In recent years, but particularly following the covid-19 pandemic, domestic discussion about the need to reshore supply chains has gained traction among all political parties, which hope to increase the resilience of certain sectors of the economy, including the aeronautical, pharmaceutical, and chemical sectors. That being said, Paris would be open to negotiating bilateral free-trade agreements in the region but would not welcome the conclusion of such an agreement with Beijing. Instead, it would like to see further cooperation with well-established partners such as Japan and Australia, but also the Association of Southeast Asian Nations (ASEAN) and Indonesia. As concerns priorities for the tech domain, France believes that, in the context of the Indo-Pacific, the EU should strive to excel in all domains, from the future of labour and 5G partnerships to the responsible use of AI. Future research and development activity should include innovation, data governance, and cyber security.
View of the Indo-Pacific
In Germany, the Ministry of Foreign Affairs leads the debate on the Indo-Pacific, which it understands as a question that goes beyond mere geographical terms. Berlin’s definition of the Indo-Pacific encompasses everything covered by the Indian and Pacific Ocean. For Germany, an EU approach to the region is vital in order to uphold EU economic interests and fend off regional threats to EU strategic interests and economic coercion, but also to discuss climate change and further environmental considerations.
EU Indo-Pacific strategy
From a geostrategic perspective, Germany sees the forthcoming EU strategy as an opportunity for the EU, and as a way to manage the rise of China rather than as a containment measure.
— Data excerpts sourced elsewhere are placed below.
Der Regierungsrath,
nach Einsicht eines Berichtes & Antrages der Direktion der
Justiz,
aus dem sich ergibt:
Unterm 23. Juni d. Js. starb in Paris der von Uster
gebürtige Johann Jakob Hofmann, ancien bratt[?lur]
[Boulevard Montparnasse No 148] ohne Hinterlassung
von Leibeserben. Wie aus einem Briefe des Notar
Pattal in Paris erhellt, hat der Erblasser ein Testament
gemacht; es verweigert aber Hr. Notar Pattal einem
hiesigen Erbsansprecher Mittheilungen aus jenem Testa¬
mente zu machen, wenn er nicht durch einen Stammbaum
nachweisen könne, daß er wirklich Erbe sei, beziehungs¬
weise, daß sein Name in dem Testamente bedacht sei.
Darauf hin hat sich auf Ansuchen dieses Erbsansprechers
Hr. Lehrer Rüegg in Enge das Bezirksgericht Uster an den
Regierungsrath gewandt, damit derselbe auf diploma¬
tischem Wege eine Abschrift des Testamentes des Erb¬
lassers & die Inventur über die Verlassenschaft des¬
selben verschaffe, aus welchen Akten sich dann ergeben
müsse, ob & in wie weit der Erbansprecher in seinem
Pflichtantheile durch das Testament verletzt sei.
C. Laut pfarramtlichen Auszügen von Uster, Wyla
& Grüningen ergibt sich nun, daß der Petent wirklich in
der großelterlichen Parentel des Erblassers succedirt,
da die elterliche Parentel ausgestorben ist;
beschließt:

This was underscored by Berlin’s decision to call its domestic vision for the Indo-Pacific “guidelines” rather than a “strategy”. Against this backdrop, Germany’s vision for the Indo-Pacific is one that would aim to oppose Chinese hegemony, but without taking sides in the competition between the United States and China. Based on these considerations, Germany would like to see the European Union strengthen ties with Japan, India, and the United Kingdom, and would welcome the deepening of partnerships with New Zealand and the Association of Southeast Asian Nations (ASEAN).
Germany regards security considerations in the Indo-Pacific as important, especially against the backdrop of tensions in the South China Sea and the Taiwan Strait, which could undermine the overall stability of the region. That being said, Germany would welcome EU security engagement that is more orientated to non-traditional security issues: it believes that the regulatory power of the EU should be employed to promote good governance, climate policy, and a rules-based order in the region. Sustainable maritime activities would also be welcome in an effort to promote conscious climate action, although it is not Germany’s prime interest.
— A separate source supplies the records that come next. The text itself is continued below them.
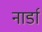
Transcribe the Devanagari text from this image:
नार्डा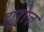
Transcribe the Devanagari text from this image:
ह्यूरोज़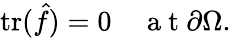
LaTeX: \mathrm{tr}(\hat{f})=0\quad\mathrm{~a~t~}\partial\Omega.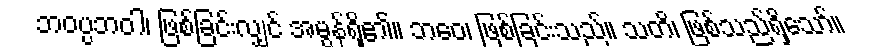
ဘဝပ္ပဘဝါ၊ ဖြစ်ခြင်းလျှင် အမွန်ရှိ၏။ ဘဝေ၊ ဖြစ်ခြင်းသည်။ သတိ၊ ဖြစ်သည်ရှိသော်။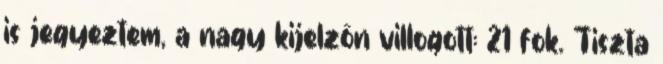
is jegyeztem, a nagy kijelzőn villogott: 21 fok. Tiszta

While broadening the scope of its political engagement across the region is a matter of new emphasis, Germany’s Indo-Pacific approach still focuses on trade, investment, and economic security. Berlin’s hope is that strong trade relations with several partners in the region may also support their sovereignty against Beijing’s political influence as exerted through its Belt and Road Initiative. In this regard, there is a lively internal discussion in Germany on connectivity, particularly with regard to sustainable mobility. Connectivity is seen as the key to successfully competing internationally. In this context, Berlin believes it is important to enable fair competition, to avoid over-indebtedness on the part of recipient countries, and to ensure sustainability and transparency of the projects. It therefore believes that funding for connectivity projects in the Indo-Pacific region should be mobilised from various sources, namely from international financial institutions, multilateral development banks, the private sector, and the European Investment Bank. Berlin sees connectivity as a platform for increasing people-to-people exchanges and enhancing transport infrastructure, whose standards it holds should be agreed on multilaterally, including through the G20 Principles on Quality Infrastructure Investment. While it believes that economic interests should predominate when the EU is deciding which connectivity infrastructure projects to prioritise, Berlin would also like to see a rebalancing of the EU’s relationship with China in the interest of reducing the former’s dependency on the latter.
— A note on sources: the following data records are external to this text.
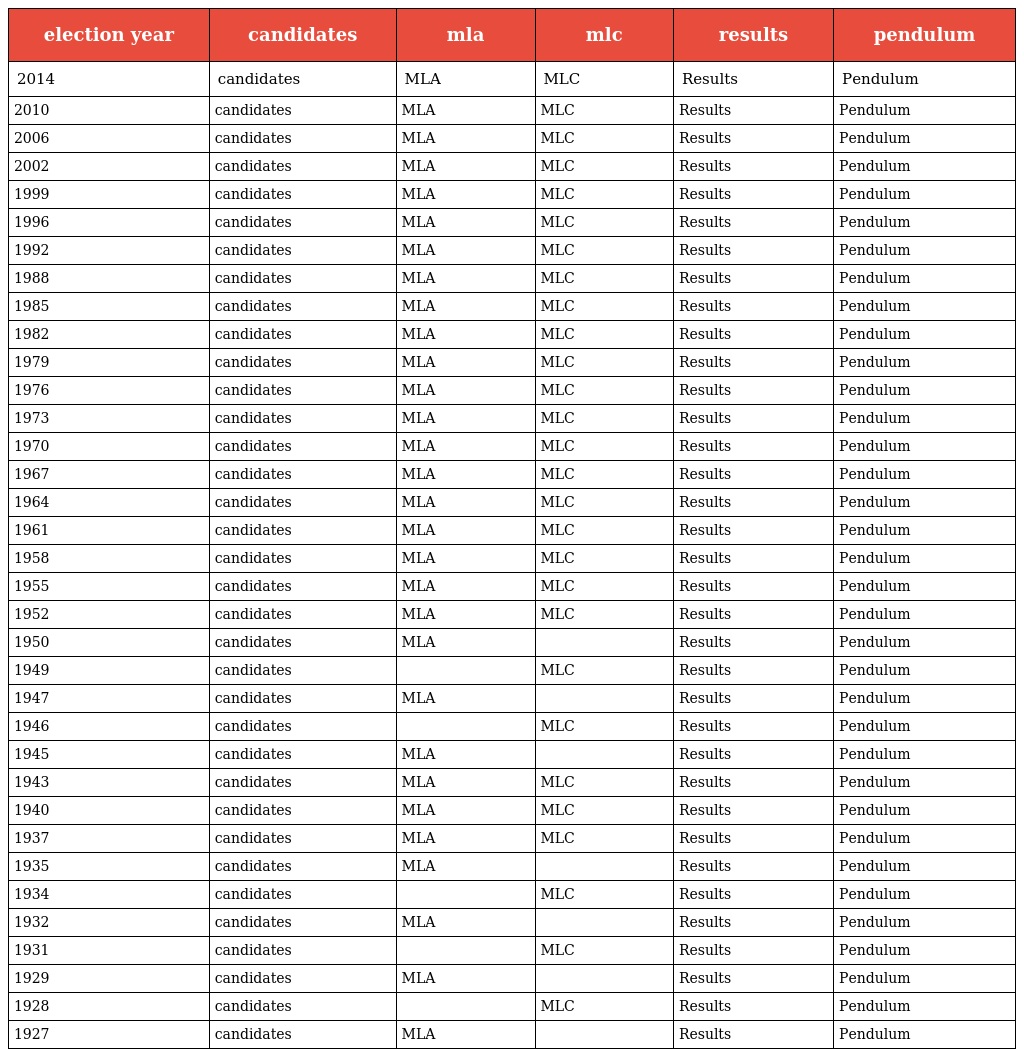
| election year | candidates | mla | mlc | results | pendulum |
 | --- | --- | --- | --- | --- | --- |
 | 2014 | candidates | MLA | MLC | Results | Pendulum |
 | 2010 | candidates | MLA | MLC | Results | Pendulum |
 | 2006 | candidates | MLA | MLC | Results | Pendulum |
 | 2002 | candidates | MLA | MLC | Results | Pendulum |
 | 1999 | candidates | MLA | MLC | Results | Pendulum |
 | 1996 | candidates | MLA | MLC | Results | Pendulum |
 | 1992 | candidates | MLA | MLC | Results | Pendulum |
 | 1988 | candidates | MLA | MLC | Results | Pendulum |
 | 1985 | candidates | MLA | MLC | Results | Pendulum |
 | 1982 | candidates | MLA | MLC | Results | Pendulum |
 | 1979 | candidates | MLA | MLC | Results | Pendulum |
 | 1976 | candidates | MLA | MLC | Results | Pendulum |
 | 1973 | candidates | MLA | MLC | Results | Pendulum |
 | 1970 | candidates | MLA | MLC | Results | Pendulum |
 | 1967 | candidates | MLA | MLC | Results | Pendulum |
 | 1964 | candidates | MLA | MLC | Results | Pendulum |
 | 1961 | candidates | MLA | MLC | Results | Pendulum |
 | 1958 | candidates | MLA | MLC | Results | Pendulum |
 | 1955 | candidates | MLA | MLC | Results | Pendulum |
 | 1952 | candidates | MLA | MLC | Results | Pendulum |
 | 1950 | candidates | MLA |  | Results | Pendulum |
 | 1949 | candidates |  | MLC | Results | Pendulum |
 | 1947 | candidates | MLA |  | Results | Pendulum |
 | 1946 | candidates |  | MLC | Results | Pendulum |
 | 1945 | candidates | MLA |  | Results | Pendulum |
 | 1943 | candidates | MLA | MLC | Results | Pendulum |
 | 1940 | candidates | MLA | MLC | Results | Pendulum |
 | 1937 | candidates | MLA | MLC | Results | Pendulum |
 | 1935 | candidates | MLA |  | Results | Pendulum |
 | 1934 | candidates |  | MLC | Results | Pendulum |
 | 1932 | candidates | MLA |  | Results | Pendulum |
 | 1931 | candidates |  | MLC | Results | Pendulum |
 | 1929 | candidates | MLA |  | Results | Pendulum |
 | 1928 | candidates |  | MLC | Results | Pendulum |
 | 1927 | candidates | MLA |  | Results | Pendulum |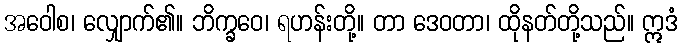
အဝေါစ၊ လျှောက်၏။ ဘိက္ခဝေ၊ ရဟန်းတို့။ တာ ဒေဝတာ၊ ထိုနတ်တို့သည်။ ဣဒံ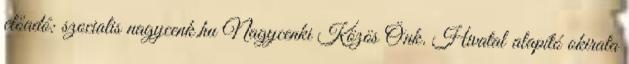
előadó: szocialis nagycenk.hu Nagycenki Közös Önk. Hivatal alapító okirata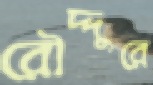
রৌদ্দুরে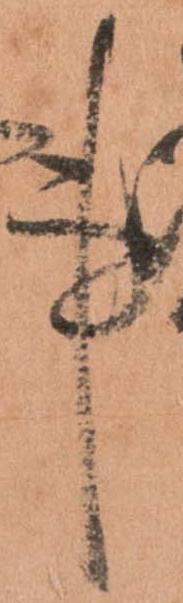
事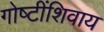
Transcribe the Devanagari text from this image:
गोष्‍टींशिवाय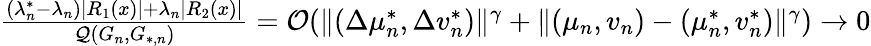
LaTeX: \begin{array}{r}{\frac{(\lambda_{n}^{*}-\lambda_{n})|R_{1}(x)|+\lambda_{n}|R_{2}(x)|}{\mathcal{Q}(G_{n},G_{*,n})}=\mathcal{O}(\| (\Delta\mu_{n}^{*},\Delta v_{n}^{*})\| ^{\gamma}+\| (\mu_{n},v_{n})-(\mu_{n}^{*},v_{n}^{*})\| ^{\gamma})\to 0}\end{array}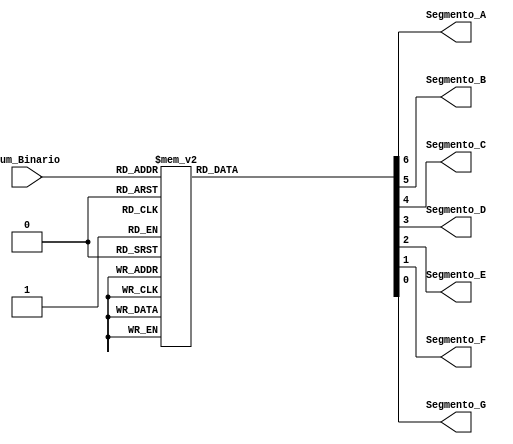
module sete_segmentos 
  (
   input [3:0] Num_Binario,
   output Segmento_A,
   output Segmento_B,
   output Segmento_C,
   output Segmento_D,
   output Segmento_E,
   output Segmento_F,
   output Segmento_G
   );
 
  reg [6:0] Hex_Encoding = 7'h00;
   
  always @(Num_Binario)
    begin
      case (Num_Binario)
        4'b0000 : Hex_Encoding <= 7'h7E;
        4'b0001 : Hex_Encoding <= 7'h30;
        4'b0010 : Hex_Encoding <= 7'h6D;
        4'b0011 : Hex_Encoding <= 7'h79;
        4'b0100 : Hex_Encoding <= 7'h33;          
        4'b0101 : Hex_Encoding <= 7'h5B;
        4'b0110 : Hex_Encoding <= 7'h5F;
        4'b0111 : Hex_Encoding <= 7'h70;
        4'b1000 : Hex_Encoding <= 7'h7F;
        4'b1001 : Hex_Encoding <= 7'h7B;
        4'b1010 : Hex_Encoding <= 7'h77;
        4'b1011 : Hex_Encoding <= 7'h1F;
        4'b1100 : Hex_Encoding <= 7'h4E;
        4'b1101 : Hex_Encoding <= 7'h3D;
        4'b1110 : Hex_Encoding <= 7'h4F;
        4'b1111 : Hex_Encoding <= 7'h47;
      endcase
    end
 
  assign Segmento_A = Hex_Encoding[6];
  assign Segmento_B = Hex_Encoding[5];
  assign Segmento_C = Hex_Encoding[4];
  assign Segmento_D = Hex_Encoding[3];
  assign Segmento_E = Hex_Encoding[2];
  assign Segmento_F = Hex_Encoding[1];
  assign Segmento_G = Hex_Encoding[0];
 
endmodule

Germany would welcome economic diversification in an effort to reduce European vulnerabilities and pursue a more autonomous foreign policy. It would therefore welcome new bilateral free-trade agreements throughout the region to reduce its current dependencies on China. It would therefore be happy to deepen bilateral ties with countries in the region, particularly in Oceania. Data governance, 5G partnerships, and cyber security are German priorities for the tech domain, along with green technologies for industry 4.0, such as electric vehicles, storage technologies, and chip manufacturing.
View of the Indo-Pacific
The Greek Ministry of Foreign Affairs holds the reins of discussion about the Indo-Pacific, which it defines as a geographic entity between the east coast of Africa and the west coast of the Americas. The prospect of an EU approach to the Indo-Pacific does not rank particularly high on Athens’s agenda for foreign and defence policy. The criteria that should be employed for an operational definition of the strategy should include the European Union’s economic interest, regional threats to EU strategic interests, and climate change and environmental considerations.
EU Indo-Pacific strategy
Greece understands the Indo-Pacific region as a field of opportunity for Europe, in which a unified strategy should aim to enhance EU strategic autonomy, take the United States into account, and seek to maintain good relations with China. As concerns which particular partnerships to pursue, Athens would seek deeper cooperation with Washington and New Delhi, but would not exclude Beijing either.
The security dimension of the Indo-Pacific strategy would be regarded as marginally important, as Greek interest remains limited in being involved in military security matters in such a distant and vast region. Greece would support EU policies in the Indo-Pacific as a matter of principle but would prefer engagement to focus on economic cooperation, environmental sustainability-orientated efforts, and counterterrorism. Should the EU Indo-Pacific strategy contain a maritime security section, Athens would support it by enhancing humanitarian assistance and disaster-relief capabilities. While the country recognises the value of supporting marine sustainability activities in the region, it maintains that this should not distract from pursuing similar goals in the Mediterranean. Similarly, the protection of sustainable management of fisheries is of marginal interest, at least for now as Athens’s potential commitment to this area remains theoretical.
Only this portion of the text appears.